The work done by majors in American Studies is guided by the program's unifying Learning Goals, and is organized through faculty and student goals, strategies and outcomes.
1. To expose students to theoretical, critical, analytical, and methodological approaches from diverse perspectives within the humanities and social sciences, including anthropology, cultural studies, history, literary studies, media studies, sociology, performance studies, political science, theology, etc.
2. To have students develop a course of study that integrates academic work across a range of disciplines and to think and do research in interdisciplinary ways; to have students synthesize and critically evaluate knowledge from diverse fields; to foster student research concentrations in particular areas of American Studies that reflect their individual interests and goals.
3. To have students work closely with faculty mentors as they develop their individualized curricula, develop integrated courses of study, and produce original theses projects.
4. To develop and implement innovative research and pedagogic techniques both in the classroom and through related activities and practices. Students in the American Studies major receive instruction in the use of different media for creating and sharing knowledge, such as digital portfolios, digital museums, digital stories, student-produced documentary videos, blogs, live performance, scripts, novels, poetry, and music, which are integrated into the curriculum.
5. To-have students develop innovative approaches to disseminating knowledge from their studies. Students should graduate with the ability to use digital tools for displaying and sharing knowledge.
1. To develop well-organized arguments about the knowledge produced in the research process.
2. To organize sustained student research agendas through the writing of the required senior thesis that reflects their area of primary interest and which is the culmination of their academic program.
3. To learn as a community and to work collaboratively through sustained conversation within the classroom and outside it, the latter through internships, study abroad experiences, program field trips, activities, and lectures.

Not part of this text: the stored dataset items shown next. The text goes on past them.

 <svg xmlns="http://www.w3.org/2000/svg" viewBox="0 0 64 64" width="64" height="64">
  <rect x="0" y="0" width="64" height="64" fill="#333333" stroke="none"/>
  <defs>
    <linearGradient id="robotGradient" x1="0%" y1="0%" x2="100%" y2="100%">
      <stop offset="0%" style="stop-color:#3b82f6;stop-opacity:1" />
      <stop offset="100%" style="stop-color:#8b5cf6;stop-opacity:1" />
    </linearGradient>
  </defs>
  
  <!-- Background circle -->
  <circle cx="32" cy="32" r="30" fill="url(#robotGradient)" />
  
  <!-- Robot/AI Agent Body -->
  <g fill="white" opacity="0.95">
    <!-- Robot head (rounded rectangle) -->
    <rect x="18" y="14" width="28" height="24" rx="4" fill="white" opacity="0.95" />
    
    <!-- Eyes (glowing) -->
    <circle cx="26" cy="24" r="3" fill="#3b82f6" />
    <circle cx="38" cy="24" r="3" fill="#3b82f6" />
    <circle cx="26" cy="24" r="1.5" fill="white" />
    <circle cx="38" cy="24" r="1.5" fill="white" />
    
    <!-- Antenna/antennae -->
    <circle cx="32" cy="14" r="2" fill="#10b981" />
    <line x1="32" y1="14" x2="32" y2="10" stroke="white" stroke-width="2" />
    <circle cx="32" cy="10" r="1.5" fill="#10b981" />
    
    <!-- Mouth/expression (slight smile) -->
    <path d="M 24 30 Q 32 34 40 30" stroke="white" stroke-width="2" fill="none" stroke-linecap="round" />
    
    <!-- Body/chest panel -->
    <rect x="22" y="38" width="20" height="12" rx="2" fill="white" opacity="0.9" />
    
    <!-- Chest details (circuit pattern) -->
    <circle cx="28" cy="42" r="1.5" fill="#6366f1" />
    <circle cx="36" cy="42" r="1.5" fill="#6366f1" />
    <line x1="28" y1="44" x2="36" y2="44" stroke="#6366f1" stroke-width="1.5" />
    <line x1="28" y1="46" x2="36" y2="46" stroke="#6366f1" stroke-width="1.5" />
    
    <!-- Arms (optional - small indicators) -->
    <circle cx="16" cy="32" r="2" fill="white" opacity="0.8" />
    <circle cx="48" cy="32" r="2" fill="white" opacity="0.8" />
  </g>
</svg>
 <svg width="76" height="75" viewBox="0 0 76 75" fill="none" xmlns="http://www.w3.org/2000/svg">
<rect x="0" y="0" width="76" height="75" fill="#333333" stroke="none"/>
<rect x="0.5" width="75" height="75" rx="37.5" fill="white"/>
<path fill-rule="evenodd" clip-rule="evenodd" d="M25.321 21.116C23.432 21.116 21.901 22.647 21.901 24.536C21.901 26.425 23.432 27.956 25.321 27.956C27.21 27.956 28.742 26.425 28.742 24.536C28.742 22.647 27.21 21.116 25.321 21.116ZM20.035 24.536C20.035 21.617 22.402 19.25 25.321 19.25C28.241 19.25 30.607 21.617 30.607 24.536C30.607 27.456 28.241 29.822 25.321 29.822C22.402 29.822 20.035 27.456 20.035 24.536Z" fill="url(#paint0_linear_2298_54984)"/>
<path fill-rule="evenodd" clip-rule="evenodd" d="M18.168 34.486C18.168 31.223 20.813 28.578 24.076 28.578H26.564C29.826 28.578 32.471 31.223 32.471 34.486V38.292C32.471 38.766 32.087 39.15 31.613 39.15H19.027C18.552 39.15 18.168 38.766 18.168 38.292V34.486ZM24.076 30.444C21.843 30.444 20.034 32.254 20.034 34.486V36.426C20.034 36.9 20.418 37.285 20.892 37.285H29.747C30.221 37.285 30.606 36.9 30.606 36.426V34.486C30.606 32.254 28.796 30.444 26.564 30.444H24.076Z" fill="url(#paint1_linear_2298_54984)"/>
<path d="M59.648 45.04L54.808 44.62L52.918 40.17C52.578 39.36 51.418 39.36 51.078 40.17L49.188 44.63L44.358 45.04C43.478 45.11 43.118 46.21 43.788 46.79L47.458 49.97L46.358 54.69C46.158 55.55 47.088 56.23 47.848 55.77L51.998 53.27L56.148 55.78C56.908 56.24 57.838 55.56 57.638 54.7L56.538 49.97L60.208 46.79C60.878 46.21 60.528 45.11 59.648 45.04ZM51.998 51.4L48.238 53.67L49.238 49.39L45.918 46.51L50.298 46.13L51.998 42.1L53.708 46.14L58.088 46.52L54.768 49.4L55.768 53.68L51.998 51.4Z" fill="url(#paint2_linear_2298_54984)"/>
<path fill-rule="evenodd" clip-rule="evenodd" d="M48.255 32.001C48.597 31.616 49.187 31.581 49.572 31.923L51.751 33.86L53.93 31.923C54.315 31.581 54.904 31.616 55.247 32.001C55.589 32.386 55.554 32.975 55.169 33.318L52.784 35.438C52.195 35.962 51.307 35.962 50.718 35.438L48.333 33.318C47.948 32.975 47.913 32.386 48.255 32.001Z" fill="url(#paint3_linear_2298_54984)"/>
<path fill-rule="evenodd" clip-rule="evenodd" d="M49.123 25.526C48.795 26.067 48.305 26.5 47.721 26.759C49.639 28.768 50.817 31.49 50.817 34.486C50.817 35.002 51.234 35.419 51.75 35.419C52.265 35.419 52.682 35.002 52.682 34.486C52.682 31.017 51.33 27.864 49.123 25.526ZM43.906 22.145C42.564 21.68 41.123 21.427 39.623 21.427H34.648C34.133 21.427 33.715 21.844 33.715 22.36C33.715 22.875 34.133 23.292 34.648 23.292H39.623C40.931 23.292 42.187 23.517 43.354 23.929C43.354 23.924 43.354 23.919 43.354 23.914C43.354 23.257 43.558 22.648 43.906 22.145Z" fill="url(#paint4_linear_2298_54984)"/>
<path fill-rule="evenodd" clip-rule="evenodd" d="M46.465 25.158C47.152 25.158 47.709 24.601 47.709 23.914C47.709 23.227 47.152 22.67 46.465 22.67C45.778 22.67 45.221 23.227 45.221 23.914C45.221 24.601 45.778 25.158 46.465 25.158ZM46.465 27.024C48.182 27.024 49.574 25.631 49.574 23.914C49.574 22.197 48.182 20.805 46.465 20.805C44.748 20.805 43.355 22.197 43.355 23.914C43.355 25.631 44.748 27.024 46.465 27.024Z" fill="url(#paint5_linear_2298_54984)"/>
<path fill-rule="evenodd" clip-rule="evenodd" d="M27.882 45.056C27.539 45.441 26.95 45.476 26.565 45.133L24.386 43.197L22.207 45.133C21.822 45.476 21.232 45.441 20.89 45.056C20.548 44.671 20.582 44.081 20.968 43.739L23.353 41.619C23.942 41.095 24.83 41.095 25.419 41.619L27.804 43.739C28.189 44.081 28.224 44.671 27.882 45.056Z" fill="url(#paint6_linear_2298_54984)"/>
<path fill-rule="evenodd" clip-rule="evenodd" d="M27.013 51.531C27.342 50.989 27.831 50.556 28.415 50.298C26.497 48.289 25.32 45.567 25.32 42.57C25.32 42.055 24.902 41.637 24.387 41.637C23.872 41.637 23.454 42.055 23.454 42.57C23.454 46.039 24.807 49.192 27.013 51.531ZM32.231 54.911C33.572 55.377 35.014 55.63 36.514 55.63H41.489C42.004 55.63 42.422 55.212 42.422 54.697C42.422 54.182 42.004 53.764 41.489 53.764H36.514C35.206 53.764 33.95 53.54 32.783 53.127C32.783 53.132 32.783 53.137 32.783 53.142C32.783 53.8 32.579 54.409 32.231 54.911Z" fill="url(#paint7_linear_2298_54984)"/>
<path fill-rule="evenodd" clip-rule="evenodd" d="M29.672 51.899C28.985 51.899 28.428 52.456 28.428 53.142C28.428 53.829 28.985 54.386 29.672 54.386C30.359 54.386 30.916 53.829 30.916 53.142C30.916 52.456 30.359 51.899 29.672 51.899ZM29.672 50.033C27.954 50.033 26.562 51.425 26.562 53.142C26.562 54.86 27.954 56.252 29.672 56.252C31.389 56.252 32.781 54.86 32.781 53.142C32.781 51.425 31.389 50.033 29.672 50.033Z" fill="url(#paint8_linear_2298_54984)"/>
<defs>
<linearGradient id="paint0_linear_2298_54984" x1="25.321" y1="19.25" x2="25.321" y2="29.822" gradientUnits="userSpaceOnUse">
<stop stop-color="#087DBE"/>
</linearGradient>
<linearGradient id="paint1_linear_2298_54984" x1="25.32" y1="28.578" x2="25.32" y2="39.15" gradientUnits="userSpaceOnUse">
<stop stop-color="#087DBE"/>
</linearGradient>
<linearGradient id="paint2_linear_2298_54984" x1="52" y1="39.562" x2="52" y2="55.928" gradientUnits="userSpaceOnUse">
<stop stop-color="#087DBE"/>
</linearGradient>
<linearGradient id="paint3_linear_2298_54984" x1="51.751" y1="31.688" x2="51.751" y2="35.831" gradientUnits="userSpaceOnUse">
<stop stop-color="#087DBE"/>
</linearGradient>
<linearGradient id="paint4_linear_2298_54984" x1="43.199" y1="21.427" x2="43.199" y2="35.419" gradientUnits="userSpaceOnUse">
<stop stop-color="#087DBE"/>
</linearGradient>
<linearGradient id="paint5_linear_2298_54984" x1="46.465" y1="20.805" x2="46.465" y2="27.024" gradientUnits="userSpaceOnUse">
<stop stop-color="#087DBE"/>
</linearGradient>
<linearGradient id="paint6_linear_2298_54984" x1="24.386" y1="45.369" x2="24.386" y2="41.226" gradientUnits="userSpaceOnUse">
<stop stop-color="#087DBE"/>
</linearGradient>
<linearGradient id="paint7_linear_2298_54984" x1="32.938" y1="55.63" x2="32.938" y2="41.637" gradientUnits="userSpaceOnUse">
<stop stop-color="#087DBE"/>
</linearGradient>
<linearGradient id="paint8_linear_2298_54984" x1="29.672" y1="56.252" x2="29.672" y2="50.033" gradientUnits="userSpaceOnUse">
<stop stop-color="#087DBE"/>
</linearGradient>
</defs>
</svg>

4. To use digital portfolios to assemble and integrate students' coursework and related academic experiences as they progress through the major and to provide a foundation for the development of their senior thesis project.
(Revised Fall 2014)
Writing in the American Studies Program:
The American Studies curriculum emphasizes writing as a central part of the development of students’ intellectual and professional lives. Student writing is expected to include critical, analytical and historical dimensions, not least because all students in the major must complete a senior research thesis project.
In preparation for this project, lower-division American Studies courses (American Civilization I and II) include weekly writing assignments in the practice of making arguments and supporting them with evidence from texts read in class. Additionally, students in these courses explore different forms of writing in multiple short genres, including museum exhibit descriptions, book introductions, etc. Students also complete research papers that encourage them to make connections between disparate ideas, identify and utilize primary research, and make compelling arguments. This work is facilitated through training in library research and through the use of citation formatting techniques.
In the interim between the lower-division courses and the senior thesis seminar, American Studies majors may be asked to participate in a student-led collaborative writing project. The objective of these projects is to engage students with forms of public scholarship. This is an opportunity for them to exercise their research and writing skills and present their work in various forms to not only fellow students and faculty, but also to alumni, parents, and a broader intellectual community. By way of example, one group is working towards the self-publication of their final papers from their American Civilization II course. They have the opportunity to develop their editorial skills and learn the rigorous practices of designing and distributing a publication.
The senior thesis seminar is organized into two courses taken sequentially in the student’s fourth year. These courses provide the opportunity for the genesis and development of an extended project, with a research and writing process that includes the development and refinement of research questions, methodologies, literature reviews/bibliographies, and work plans. Students are expected to have a regular habit of writing in order to digest and synthesize research insights, and do extensive draft and revision work to make clear, specific and discussion-worthy arguments. The emphasis of this process is the intellectual maturation of students, whereby their writing practice allows them to take ownership and responsibility for their final project produced at the year’s end.